Bei uns sieht das so aus.
Er: Arzttermine, Transport (Kinderwagen, Babytrage, Autositz, …)
Ich: Ernährung, Klamotten
Im Alltag merke ich, welch grossen Unterschied es macht, dass wir nicht die Aufgaben, sondern die Verantwortungen aufgeteilt haben.
Ich erkäre das mal mit dem Beispiel Kinderarzt:
Die Aufgabe abgeben, würde bedeuten, ich sage ihm: «Bitte geh am 3. März um 11:30 Uhr zum Arzt zur Routineuntersuchung. Die Chipkarte leg ich dir raus. Frag bitte nach dem Pickel am Bauch.»
Die Verantwortung abgeben, heisst, dass er mich fragt: «Du, ich hab demnächst einen Termin für die Routineuntersuchung gemacht und die Kleine hat doch so einen Pickel am Bauch, da frag ich mal nach. Ist dir noch was aufgefallen?»
Verantwortung abgeben ist nicht so einfach
Für mich liegt auch eine Herausforderung in der Konfrontation mit den Erwartungen anderer Frauen. Wenn mich eine andere Mutter fragt, wie unsere Kinderärztin heisst und ich nicht gleich auf den Namen komme, fühle ich mich automatisch schlecht. Und nein, ich habe auch keine App, die mich über Entwicklungsschübe informiert.

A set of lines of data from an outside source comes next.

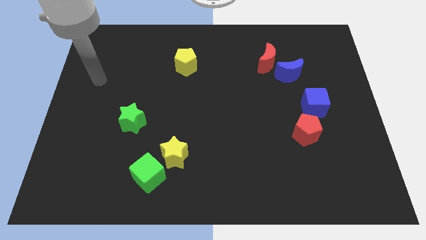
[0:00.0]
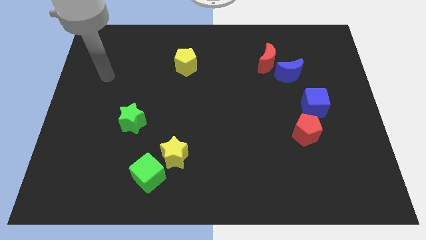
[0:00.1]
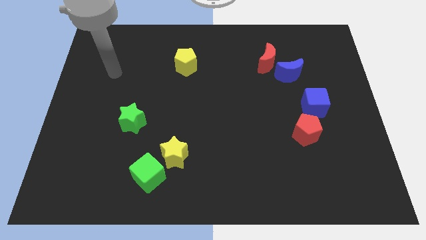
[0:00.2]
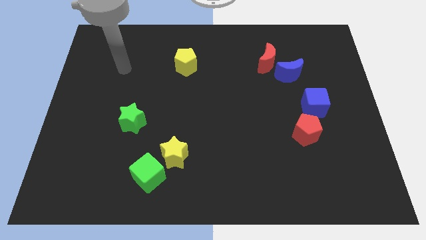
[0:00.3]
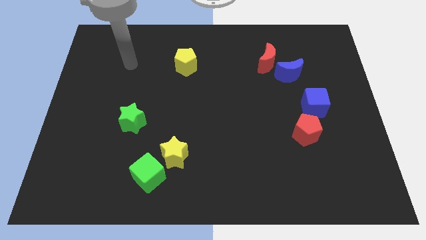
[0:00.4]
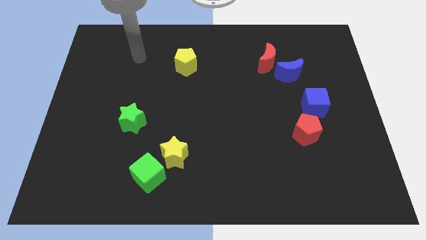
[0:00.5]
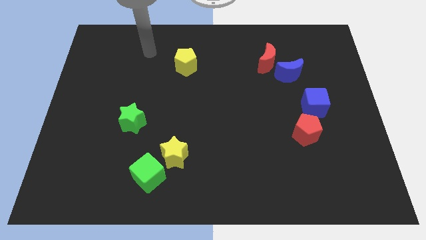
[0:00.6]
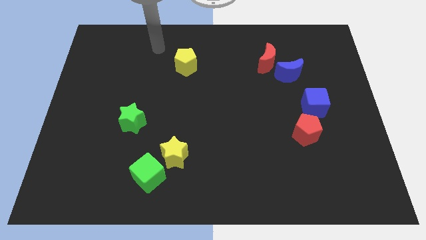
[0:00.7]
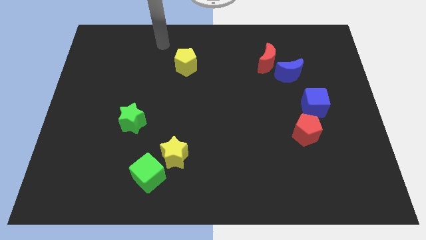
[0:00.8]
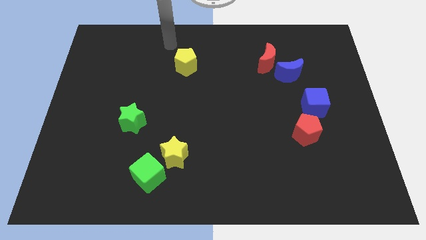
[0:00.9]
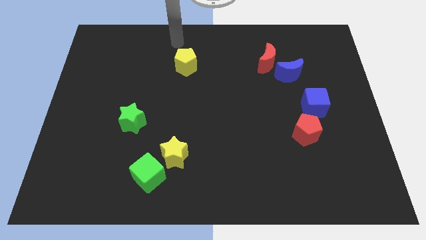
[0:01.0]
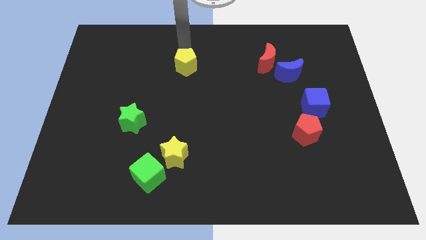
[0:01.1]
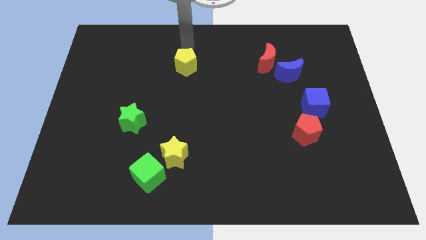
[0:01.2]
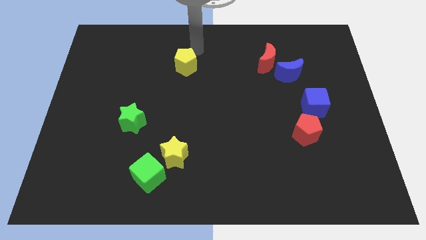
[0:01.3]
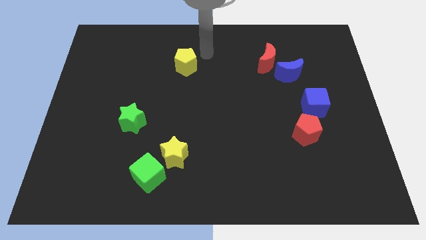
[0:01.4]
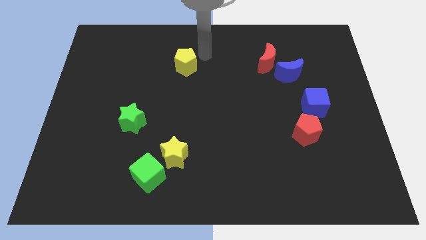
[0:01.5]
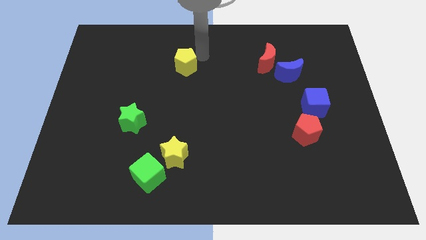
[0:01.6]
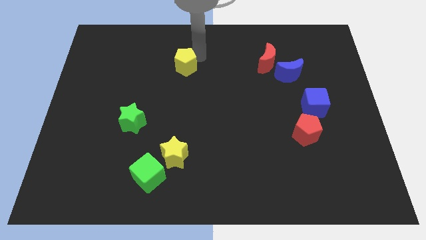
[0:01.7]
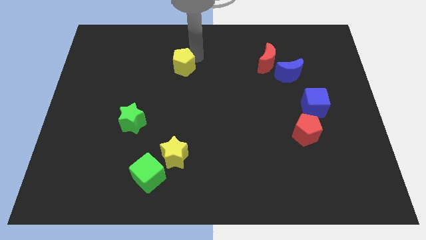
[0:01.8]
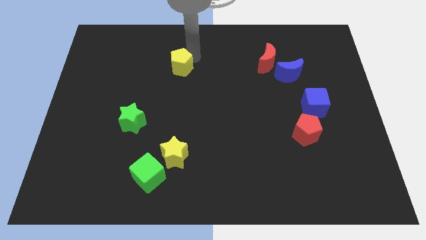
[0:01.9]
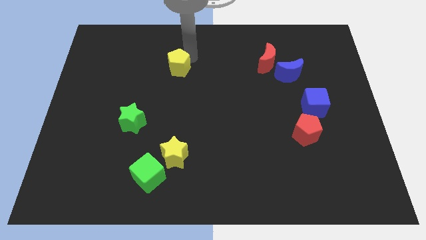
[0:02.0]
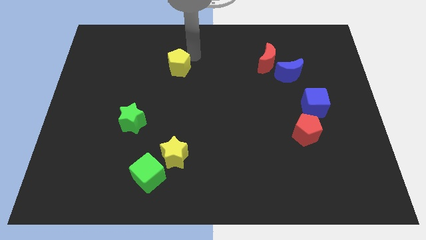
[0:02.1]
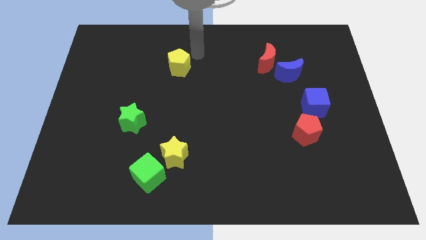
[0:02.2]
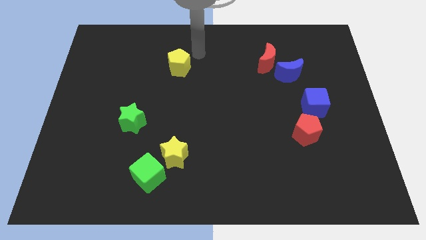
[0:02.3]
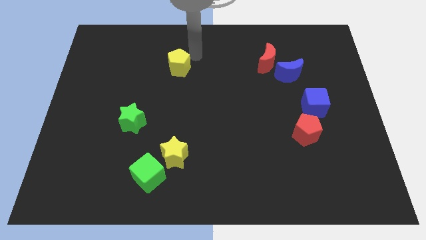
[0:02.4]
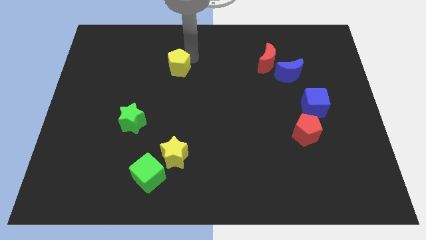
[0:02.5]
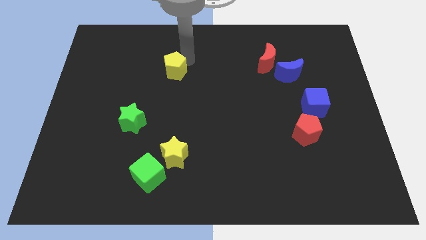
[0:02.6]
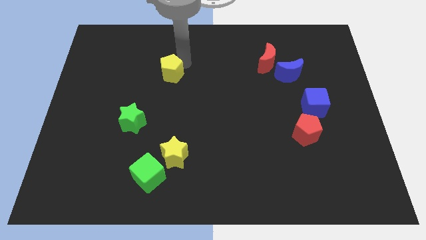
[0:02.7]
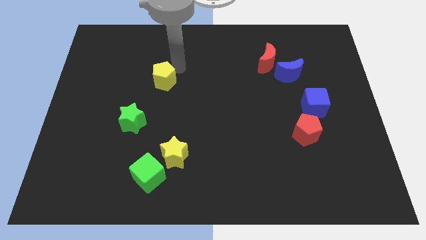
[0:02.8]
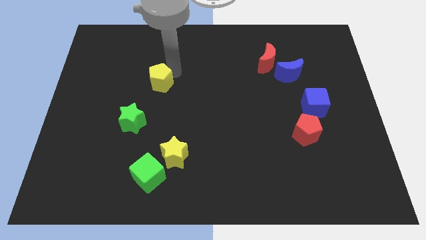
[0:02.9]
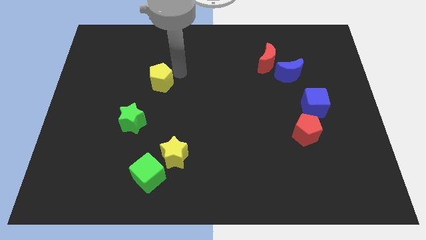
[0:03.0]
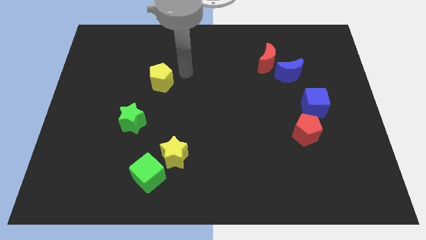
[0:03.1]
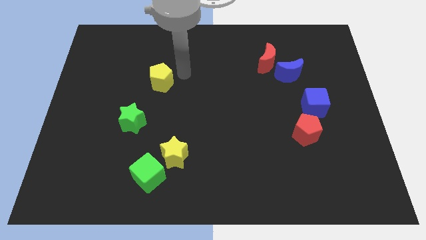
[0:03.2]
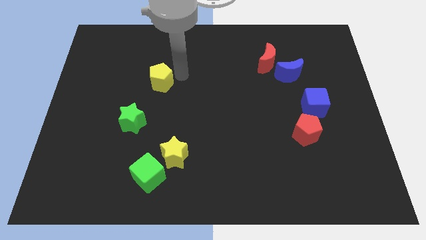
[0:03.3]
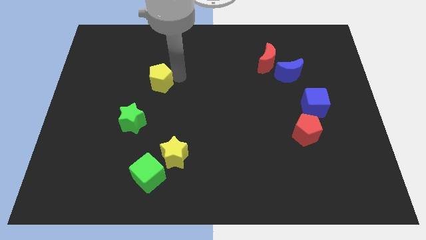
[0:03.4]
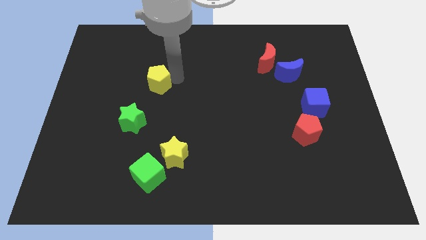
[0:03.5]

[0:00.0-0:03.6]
move the yellow pentagon above the green star

Verantwortung heisst nicht, dass man alles alleine machen muss
Ist die Verantwortung zugeteilt, kann man keine Vorwürfe machen, dass der Partner eine Aufgabe «nicht sieht». Der, der verantwortlich ist, erfüllt die Aufgabe oder bittet um Unterstützung. Selbst wenn einer um Unterstützung bittet, muss der andere kein schlechtes Gewissen haben, dass er nicht von selbst auf die Idee gekommen ist.
Nach und nach entsteht ein Vertrauen, dass jeder um Unterstützung fragt, wenn er sie braucht. Und genau das lässt eine unglaubliche Entspannung entstehen.
Ungeklärt läuft es eher so: Einer bringt drei Wochen lang immer wieder den Müll weg und mit jedem Mal, steigt die Frustration, bis sie sich mit Vorwürfen am Partner entlädt, der nicht weiss, wie ihm geschieht. Wenn ich weiss, dass Ordnung und Sauberkeit der Küche in meiner Verantwortung liegt, brauch ich nicht darauf hoffen, dass der Partner den Müll wegbringt, ich kann ihn gleich um Unterstützung bitten, ohne Frustration.
Dieser Text erschien zuerst auf Edition F.